The memorials of Maria of the seven sorrows takes place on 15 September and is devoted on the smart and suffering of Maria.
3. On the right is Johannes. This disciple represents the whole humanity. By the words of Jesus on the Cross Maria is not only the mother of Jesus but of everyone.
4. Above the cross is a reference to the builder of the chapel, G. Iacomo Ravelo. We know that this refers to Giovanni Giacomo Ravelli because this is the only one in the village that reached the age of seventy in the year 1671.
Not only the image of Jesus on the cross proves that Jesus was important for the builder, but also the monogram on the ceiling with the characters IHS and the Nimbus above the facade of the Chapel.
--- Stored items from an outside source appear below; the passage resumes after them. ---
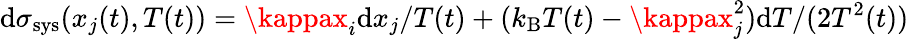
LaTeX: \mathrm{d}\sigma_{\mathrm{{sys}}}(x_{j}(t),T(t))=\kappax_{i}\mathrm{d}x_{j}/T(t)+(k_{\mathrm{{B}}}T(t)-\kappax_{j}^{2})\mathrm{d}T/(2T^{2}(t))
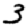
Digit: 3
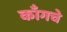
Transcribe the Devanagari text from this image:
काँगचे
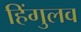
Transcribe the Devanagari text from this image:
हिंगुलव
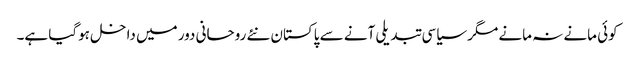
کوئی مانے نہ مانے مگر سیاسی تبدیلی آنے سے پاکستان نئے روحانی دور میں داخل ہوگیا ہے۔
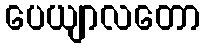
ပေယျာလတော
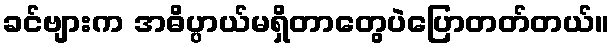
ခင်ဗျားက အဓိပ္ပာယ်မရှိတာတွေပဲပြောတတ်တယ်။
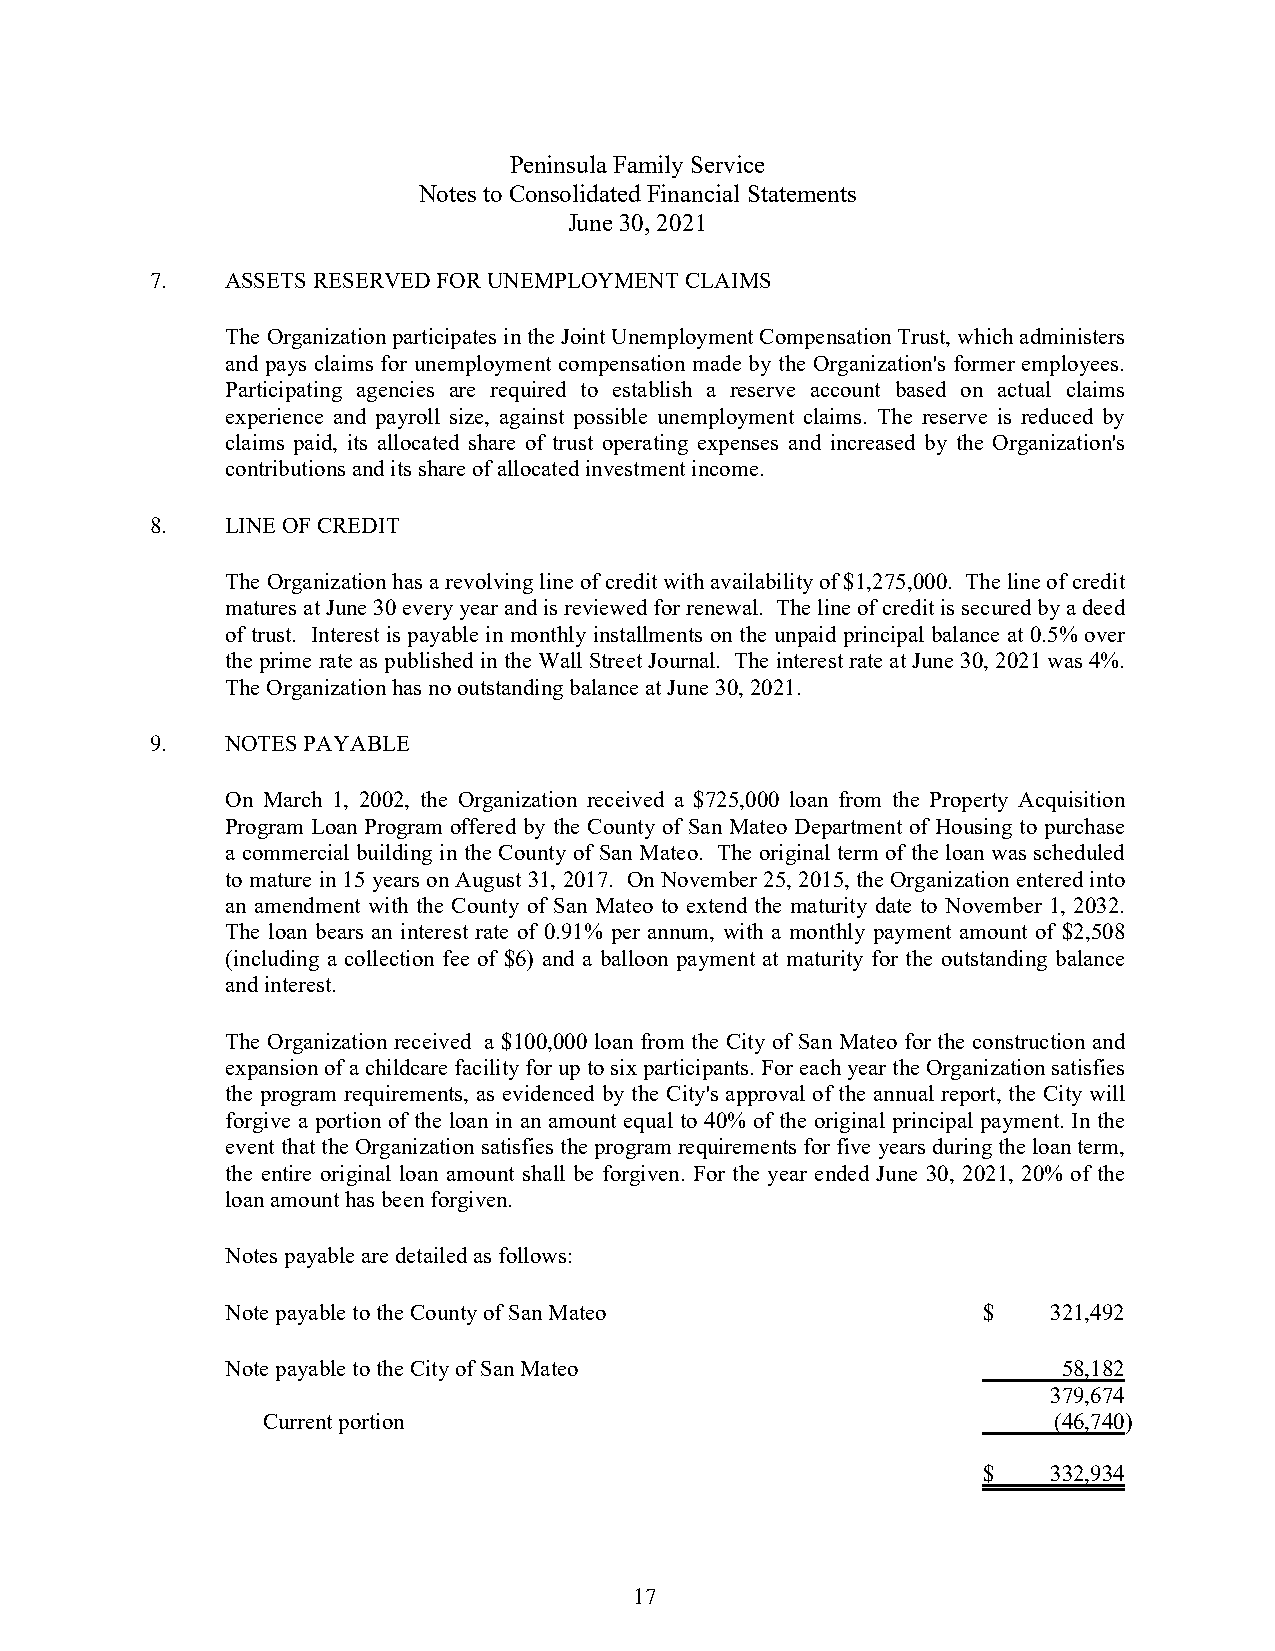
Peninsula Family Service
 Notes to Consolidated Financial Statements
 June 30, 2021
 7.   ASSETS RESERVED FOR UNEMPLOYMENT CLAIMS
 The Organization participates in the Joint Unemployment Compensation Trust, which administers
 and pays claims for unemployment compensation made by the Organization's former employees.
 Participating agencies are required to establish a reserve account based on actual claims
 experience and payroll size, against possible unemployment claims. The reserve is reduced by
 claims paid, its allocated share of trust operating expenses and increased by the Organization's
 contributions and its share of allocated investment income.
 8.   LINE OF CREDIT
 The Organization has a revolving line of credit with availability of $1,275,000. The line of credit
 matures at June 30 every year and is reviewed for renewal. The line of credit is secured by a deed
 of trust. Interest is payable in monthly installments on the unpaid principal balance at 0.5% over
 the prime rate as published in the Wall Street Journal. The interest rate at June 30, 2021 was 4%.
 The Organization has no outstanding balance at June 30, 2021.
 9.   NOTES PAYABLE
 On March 1, 2002, the Organization received a $725,000 loan from the Property Acquisition
 Program Loan Program offered by the County of San Mateo Department of Housing to purchase
 a commercial building in the County of San Mateo. The original term of the loan was scheduled
 to mature in 15 years on August 31, 2017. On November 25, 2015, the Organization entered into
 an amendment with the County of San Mateo to extend the maturity date to November 1, 2032.
 The loan bears an interest rate of 0.91% per annum, with a monthly payment amount of $2,508
 (including a collection fee of $6) and a balloon payment at maturity for the outstanding balance
 and interest.
 The Organization received a $100,000 loan from the City of San Mateo for the construction and
 expansion of a childcare facility for up to six participants. For each year the Organization satisfies
 the program requirements, as evidenced by the City's approval of the annual report, the City will
 forgive a portion of the loan in an amount equal to 40% of the original principal payment. In the
 event that the Organization satisfies the program requirements for five years during the loan term,
 the entire original loan amount shall be forgiven. For the year ended June 30, 2021, 20% of the
 loan amount has been forgiven.
 Notes payable are detailed as follows:
 Note payable to the County of San Mateo           $    321,492
 Note payable to the City of San Mateo                  58,182
 379,674
 Current portion                                      (46,740)
 $    332,934
 17
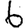
Digit: 6
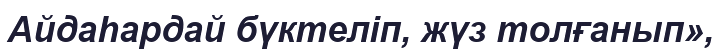
Айдаһардай бүктеліп, жүз толғанып»,
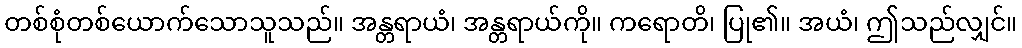
တစ်စုံတစ်ယောက်သောသူသည်။ အန္တရာယံ၊ အန္တရာယ်ကို။ ကရောတိ၊ ပြု၏။ အယံ၊ ဤသည်လျှင်။
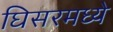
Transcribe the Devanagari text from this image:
घिसरमध्ये
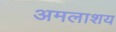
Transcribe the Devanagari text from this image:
अमलाशय
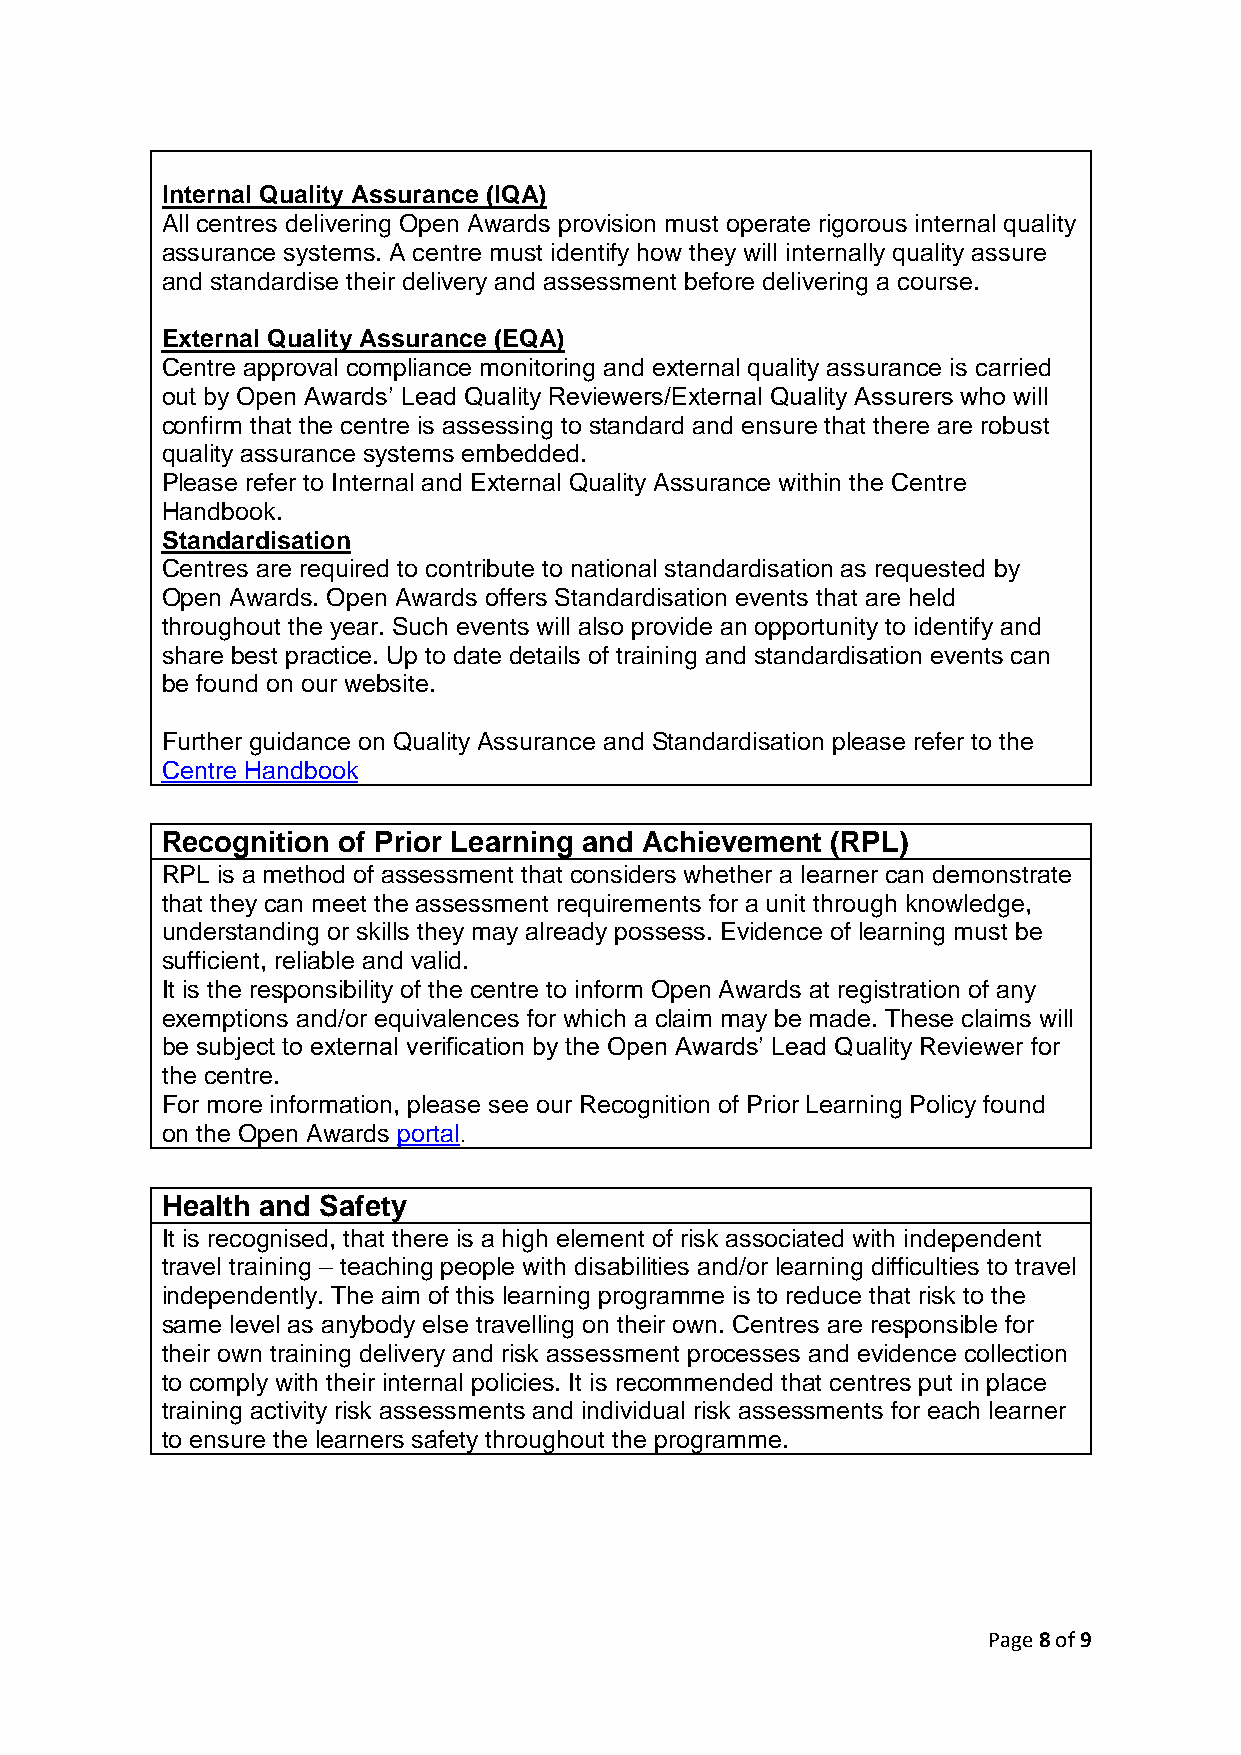
Internal Quality Assurance (IQA)
 All centres delivering Open Awards provision must operate rigorous internal quality
 assurance systems. A centre must identify how they will internally quality assure
 and standardise their delivery and assessment before delivering a course.
 External Quality Assurance (EQA)
 Centre approval compliance monitoring and external quality assurance is carried
 out by Open Awards’ Lead Quality Reviewers/External Quality Assurers who will
 confirm that the centre is assessing to standard and ensure that there are robust
 quality assurance systems embedded.
 Please refer to Internal and External Quality Assurance within the Centre
 Handbook.
 Standardisation
 Centres are required to contribute to national standardisation as requested by
 Open Awards. Open Awards offers Standardisation events that are held
 throughout the year. Such events will also provide an opportunity to identify and
 share best practice. Up to date details of training and standardisation events can
 be found on our website.
 Further guidance on Quality Assurance and Standardisation please refer to the
 Centre Handbook
 Recognition of Prior Learning and Achievement (RPL)
 RPL is a method of assessment that considers whether a learner can demonstrate
 that they can meet the assessment requirements for a unit through knowledge,
 understanding or skills they may already possess. Evidence of learning must be
 sufficient, reliable and valid.
 It is the responsibility of the centre to inform Open Awards at registration of any
 exemptions and/or equivalences for which a claim may be made. These claims will
 be subject to external verification by the Open Awards’ Lead Quality Reviewer for
 the centre.
 For more information, please see our Recognition of Prior Learning Policy found
 on the Open Awards portal.
 Health and Safety
 It is recognised, that there is a high element of risk associated with independent
 travel training – teaching people with disabilities and/or learning difficulties to travel
 independently. The aim of this learning programme is to reduce that risk to the
 same level as anybody else travelling on their own. Centres are responsible for
 their own training delivery and risk assessment processes and evidence collection
 to comply with their internal policies. It is recommended that centres put in place
 training activity risk assessments and individual risk assessments for each learner
 to ensure the learners safety throughout the programme.
 Page 8 of 9
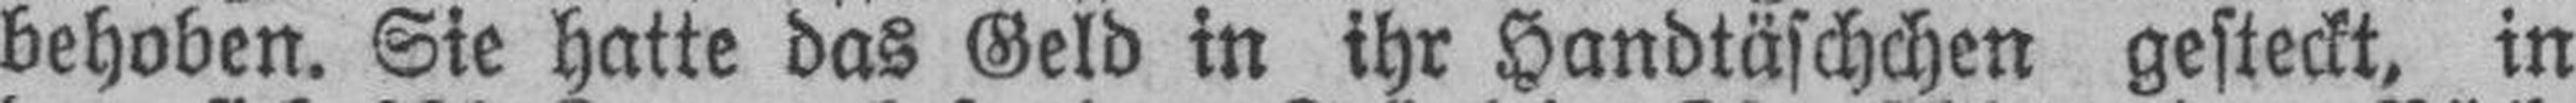
behoben. Sie hatte das Geld in ihr Handtäschchen gesteckt, in
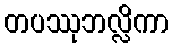
တပဿုဘလ္လိကာ
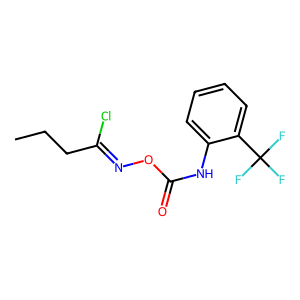
SMILES: CCCC(Cl)=NOC(=O)Nc1ccccc1C(F)(F)F
Inhibits HIV replication: No
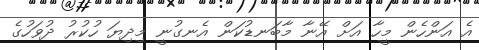
އެ އަަންހެން މީހާ އަށް އޭނާ މާބަނޑުކަން އެނގުނީ މިދިޔަ ހުކުރު ދުވަހުގެ
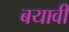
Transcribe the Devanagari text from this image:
बयावी
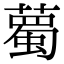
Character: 薥
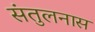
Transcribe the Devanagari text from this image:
संतुलनास
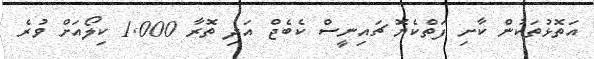
އަތޮޅުތަކުން ކާށި ފަތްކެޔޮ ޗައިނީސް ކެބެޖް އަދި ތޮރާ 1
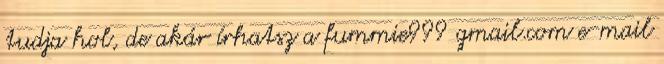
tudja hol, de akár írhatsz a fummie999 gmail.com e-mail
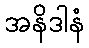
အနိဒါနံ
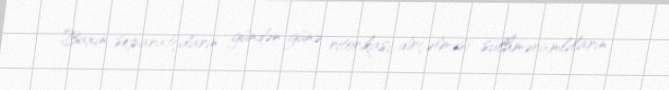
Baxın, separatçıların gündən-günə ritorikası, dirçəlməsi sülhməramlıların
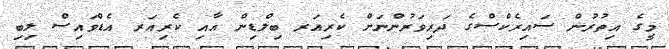
މީގެ އިތުރުން ސައިރެކްސްގެ ދަރިވަރުންނަށް ކެރިއަރ ބިލްޑިން އާއި ކެރިއަރ އެޑްވައިސް ލިބި
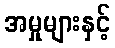
အမှုများနှင့်
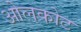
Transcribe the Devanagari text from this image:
ओलकोट
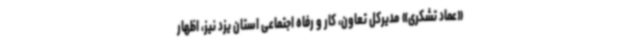
«عماد تشکری» مدیرکل تعاون، کار و رفاه اجتماعی استان یزد نیز، اظهار
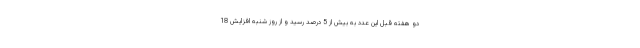
دو هفته قبل این عدد به بیش از 5 درصد رسید و از روز شنبه افزایش 18
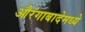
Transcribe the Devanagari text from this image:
औरंगाबादेमध्ये
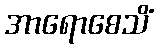
အာရောစေသိံ
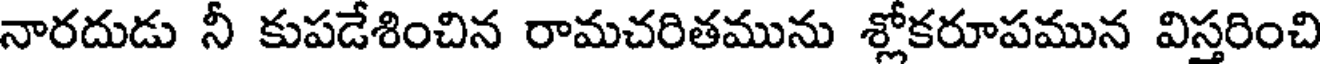
నారదుడు నీ కుపడేశించిన రామచరితమును శ్లోకరూపమున విస్తరించి
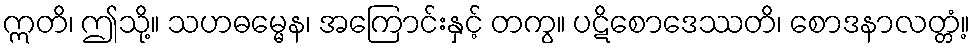
ဣတိ၊ ဤသို့။ သဟဓမ္မေန၊ အကြောင်းနှင့် တကွ။ ပဋိစောဒေဿတိ၊ စောဒနာလတ္တံ့။
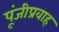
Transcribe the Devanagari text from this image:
पूंजीप्रवाह
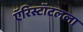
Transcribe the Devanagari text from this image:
ऍरिस्टॉटलला
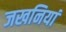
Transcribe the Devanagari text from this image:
जखनियां
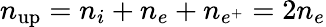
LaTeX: n_{\mathrm{up}}=n_{i}+n_{e}+n_{e^{+}}=2n_{e}
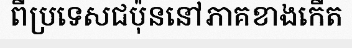
ពីប្រទេសជប៉ុននៅភាគខាងកើត
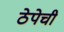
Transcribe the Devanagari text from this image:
ठेपेची
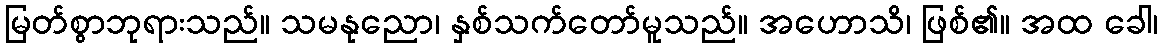
မြတ်စွာဘုရားသည်။ သမနုညော၊ နှစ်သက်တော်မူသည်။ အဟောသိ၊ ဖြစ်၏။ အထ ခေါ၊
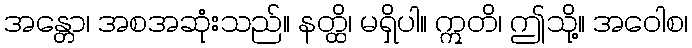
အန္တော၊ အစအဆုံးသည်။ နတ္ထိ၊ မရှိပါ။ ဣတိ၊ ဤသို့။ အဝေါစ၊
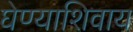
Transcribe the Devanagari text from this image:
घेण्याशिवाय

The monogram show the first 3 Characters of Jesus in Greek Capital letters (IHΣOΣ): Iota , Eta and Sigma. Bernardus of Siena was very important for the religious revival in the 15e century. In his preaches he used the monogram IHS. He was often accused of witchcraft, but never condemned.
Finally Pope Martinus V authorized the use of the monogram under the condition of the use of the cross on the capital H.
Saint Jacob can be recognised in the first place to his aureole. Apart from this on the various portraits additional attributes can be found, such as: the habit, the cloak, the pastoral staff and his bare feet. The symbol of Saint Jacob is the scallop which isn’t shown here.
Anthony is the Saint of the Franciscan, lost objects, wives and children, the poor, bakers, mineworkers, the matrimony, the travellers and lovers. He is also Patron forth shipwrecked, the black Plague and fever. In the family of Giovanni Giacomo the names Antonio and Antonia are common. Possibly the portrait of Saint Anthony is a tribute to the mother of his wife of whom we only know the first name Antonia or of his grandfather Giovanni Antonio Maglini.
Together with the aureole Antonius is often portrait in a brown habit, a book upon which Jesus is seated and a lily. This white flower refers to the pureness of his preaches and sexual moral.
On the Fresco in the Chapel we recognize Anthony by his brown habit and the Lilies. The book upon which Jesus is seated was not portrayed.
The blessing in the Chapel
Most probably we will never know if and in what circumstances the chapel was consecrated. However, we presume that this was done.
Giacomo Giovanni was born on September the fifteenth, the day Maria of the sorrows is memorized. That is why we assume that on Friday 15 September 1671 the Chapel was inaugurated. We don’t know what the weather was that day. Likely it was not cold. Perhaps the sun was shining. Most probably the vegetables were collected and the bees had already produced their honey. Also the time of the blueberries was left behind. The mushrooms grow in abundance. Autumn is nearby. Soon the apple and pears can be harvested. Also the chestnuts must be mentioned. It is a period of abundance.
It may be that a Mass was read in the Church San Michele in Albogno. Perhaps the Pastor went directly to the Chapel. Most likely the inauguration was at the end of noon, when most of the work on the field was done. Almost sure there were many people. On that very day his wife to who he was married already 47 years was still lived. Their seven children would have been present, some of them with their partner. Lucia with her husband Giovanni Maria Allesina, Antonia with her husband Giacomo Gulielmi, Anna with Giovanni Maria Andrioli, Giovanni Giacomo with his wife Mattea Andrioli, Cattarina with her husband Nartolomeo Minetti.
Besides the children there will have been many grandchildren. By that time still eleven grandchildren were alive: Antonio Andrioli, Maria Andrioli, Elisabet Andrioli, Giovanni Antonia Alesima, Anna Alesina, Giovanni Giacomo Ravelli, Bartolomeo Ravelli, Maria Ravelli, Pietro Antonio Ravelli,Guiseppe Maria Ferrari and Silvestro Fransceso Ferrari.
Most probably other relatives and friends were present. In short when the Chapel was baptised on 15 September 1671 we may assume that there many people.